I want to see, given their income, age, and employment bracket, what the average default rate is and corresponding interest rate payment is. In addition, I want to look at how different kinds of loan offered to that couple performed and perhaps consider offer them the terms with the most probability of successful repayments. 

### Machine Learning

#### Machine learning algorithms allow us to take in large quantity of information, identify patterns, and make data-driven decisions. Now we want to use it to aid our decision-making by predicting a client's likelihood of deliquency. 

#### Some lingos before we start:
__features__: also your regressor, left-hand variables, variables that you use to predict your outcome 

__target variable__: also outcome variable, variable whose value you are trying to predict. 



### A machine learning pipeline generally consists of :

__Data preprocessing__: clean the data by getting rid of outliers and idiosyncracies, standarizeding the data on the same scale, and creating target variable if it's not clearly defined by the problem.
    

#### Then an re-iterative process of:

- __Feature generation and selection__: create predictors, ie features, to provide "hints" to the model and select the most informative features.


- __Cross-validation__: divide the dataset into training and testing to obtain various performance metrics for the algorithms. Common partition scheme for this are 10-/5-fold cross validation. Read more [here](https://genome.tugraz.at/proclassify/help/pages/XV.html)


- __Algorithm selection/Grid search__: find the best performing algorithm and the best hyper-parameters for the algorithm. this process can be time consuming, which is the so-called "no free lunch thereom", but generally the process is quite automated.



- __Evaluation__: choose your loss function and metrics you want to maximize based on your real concerns and tradeoffs between false positive/false negative rate, training time/latency, and so on.


- __Implementation__: In a real project, what algorithm you choose is also informed by accessiblity to the data in real time, the required data literacy from the users/complexity of your algorithm, transparency/ethics, costs of maintaince, and so on. You will also build in check-ins for abnormal prediction results.

#### In the following section you will get the data ready to feed it through a machine learning pipeline.

In [299]:
# read in your data frame here
# warning: this will update the df global variable 
# and erase the columns you created previously for descriptive analysis! we want to start fresh here.

df = pd.read_csv('loan.csv')
loan = df

  interactivity=interactivity, compiler=compiler, result=result)
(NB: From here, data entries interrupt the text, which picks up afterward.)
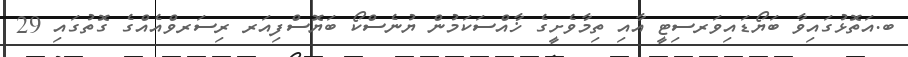
ބ.އަތޮޅުގައިވާ ބަޔޯޑައިވަރސިޓީ އާއި ތިމާވެށީގެ ޚާއްސަކަމުން ޔުނެސްކޯ ބަޔޮސްފިއަރ ރިސަރވްއެއްގެ ގޮތުގައި 29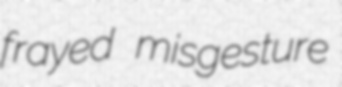
frayed misgesture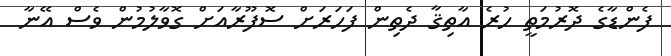
ފެންޑާގެ ދޮރުމަތީ ހުރެ އާތިޤާ ދެތިން ފަހަރަށް ސޮފޫރާއަށް ގޮވާލުމުން ވެސް އޭނާ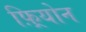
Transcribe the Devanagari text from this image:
फ़्रियोन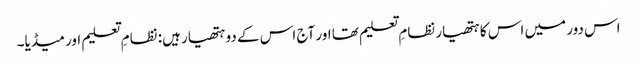
اس دور میں اس کا ہتھیار نظامِ تعلیم تھا اور آج اس کے دو ہتھیار ہیں: نظامِ تعلیم اور میڈیا۔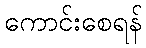
ကောင်းစေရန်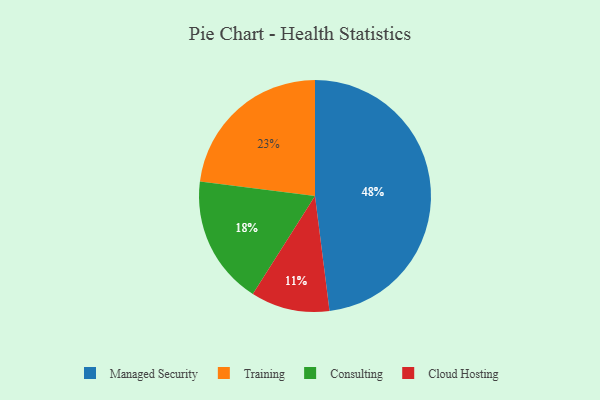
{"axis": {"x": "Category", "y": "Percentage"}, "legend": ["Cloud Hosting", "Consulting", "Managed Security", "Training"], "data": [{"x": "Training", "y": 23, "type": "Training"}, {"x": "Managed Security", "y": 48, "type": "Managed Security"}, {"x": "Cloud Hosting", "y": 11, "type": "Cloud Hosting"}, {"x": "Consulting", "y": 18, "type": "Consulting"}]}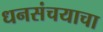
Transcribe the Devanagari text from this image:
धनसंचयाचा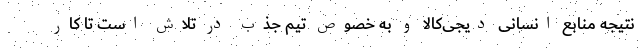
نتیجه منابع انسانی دیجی‌کالا و به خصوص تیم جذب در تلاش است تا کار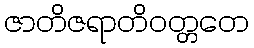
ဇာတိဇရာတိဝတ္တတေ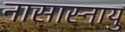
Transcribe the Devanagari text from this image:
नासास्नायु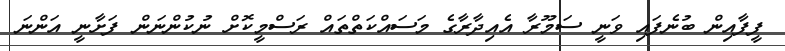
ފީފާއިން ބުނެފައި ވަނީ ސަމޫރާ އެއިދާރާގެ މަސައްކަތްތައް ރަސްމީކޮށް ނުކުންނަން ފަށާނީ އަންނަ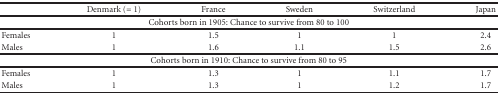
<table><thead><tr><td></td><td><b>Denmark (= 1)</b></td><td><b>France</b></td><td><b>Sweden</b></td><td><b>Switzerland</b></td><td><b>Japan</b></td></tr></thead><tbody><tr><td colspan="6">Cohorts born in 1905: Chance to survive from 80 to 100</td></tr><tr><td>Females</td><td>1</td><td>1.5</td><td>1</td><td>1</td><td>2.4</td></tr><tr><td>Males</td><td>1</td><td>1.6</td><td>1.1</td><td>1.5</td><td>2.6</td></tr><tr><td colspan="6">Cohorts born in 1910: Chance to survive from 80 to 95</td></tr><tr><td>Females</td><td>1</td><td>1.3</td><td>1</td><td>1.1</td><td>1.7</td></tr><tr><td>Males</td><td>1</td><td>1.3</td><td>1</td><td>1.2</td><td>1.7</td></tr></tbody></table>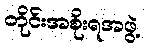
တိုင်းအစိုးရအဖွဲ့

#### First of all, we will sub-set our dataframe. To keep the training time short we will only use data from 2015. Then let's divide it into two parts: historical records with known payment outcomes vs loans that are currently active or just issued. We will use the historical records (with known outcomes) to train, test, and evaluate our model. In reality, we will apply the trained model to predict on loans that are still active (outcomes unkown) . 
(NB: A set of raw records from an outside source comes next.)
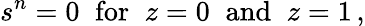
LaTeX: s^{n}=0\; \; \mathrm{for}\; \; z=0\; \; \mathrm{and}\; \; z=1\, ,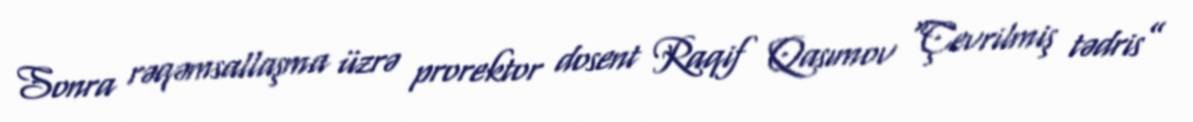
Sonra rəqəmsallaşma üzrə prorektor dosent Raqif Qasımov “Çevrilmiş tədris”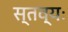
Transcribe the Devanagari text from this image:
स्तव्यः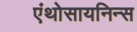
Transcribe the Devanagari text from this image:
एंथोसायनिन्स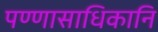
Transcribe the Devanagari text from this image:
पण्णासाधिकानि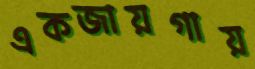
একজায়গায়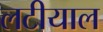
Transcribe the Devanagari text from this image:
लटीयाल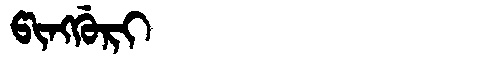
Manchu: ᡦᡳᠩᡤᡠᡵᡳ
Romanization: PINGGURI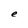
Character: e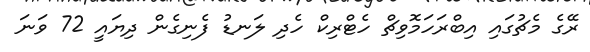
ރޭގެ މެޗުގައި އިބްރަހަމޮވިޗް ހެޓްރިކް ހެދި ލަނޑު ފެނިގެން ދިޔައީ 72 ވަނަ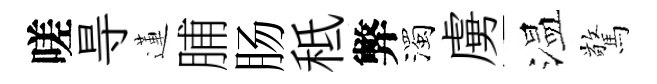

__Task__: Create one df that contains all loans in 2015 then split it into two dataframes: one with status that are either 'Current' or 'Issued' - call it _application_, and one that contains the rest -- call it _development_

In [300]:
issue_d = df['issue_d']
tmp = []
for d in issue_d:
    tmp.append(int(d.split("-")[1]))

print(loan.shape)
print(df.shape)
df['issue_y'] = tmp

# # Create variable with TRUE if issue_d, year is > 2015
recent = df['issue_y'] >= 2015

# # Select all casess where issue_d's year is > 2015
df = df[recent]
print(df.shape)

(887379, 74)
(887379, 74)
(421094, 75)


In [301]:
issue_d = df['loan_status']
tmp = []
for d in issue_d:
    if d == 'Current' or d == 'Issued':
        tmp.append(1)
    else:
        tmp.append(0)  

df['is_historical'] = tmp

#  historical records with known payment outcomes vs loans that are currently active or just issued
historical = df['is_historical'] == 1
not_historical = df['is_historical'] == 0

application = df[historical]
development = df[not_historical]

# df = df.drop('is_historical', 1)

A value is trying to be set on a copy of a slice from a DataFrame.
Try using .loc[row_indexer,col_indexer] = value instead

See the caveats in the documentation: http://pandas.pydata.org/pandas-docs/stable/indexing.html#indexing-view-versus-copy
  if __name__ == '__main__':


In [302]:
print(application.shape)
print(development.shape)

(386013, 76)
(35081, 76)


#### Now we'll work with our _development set_. 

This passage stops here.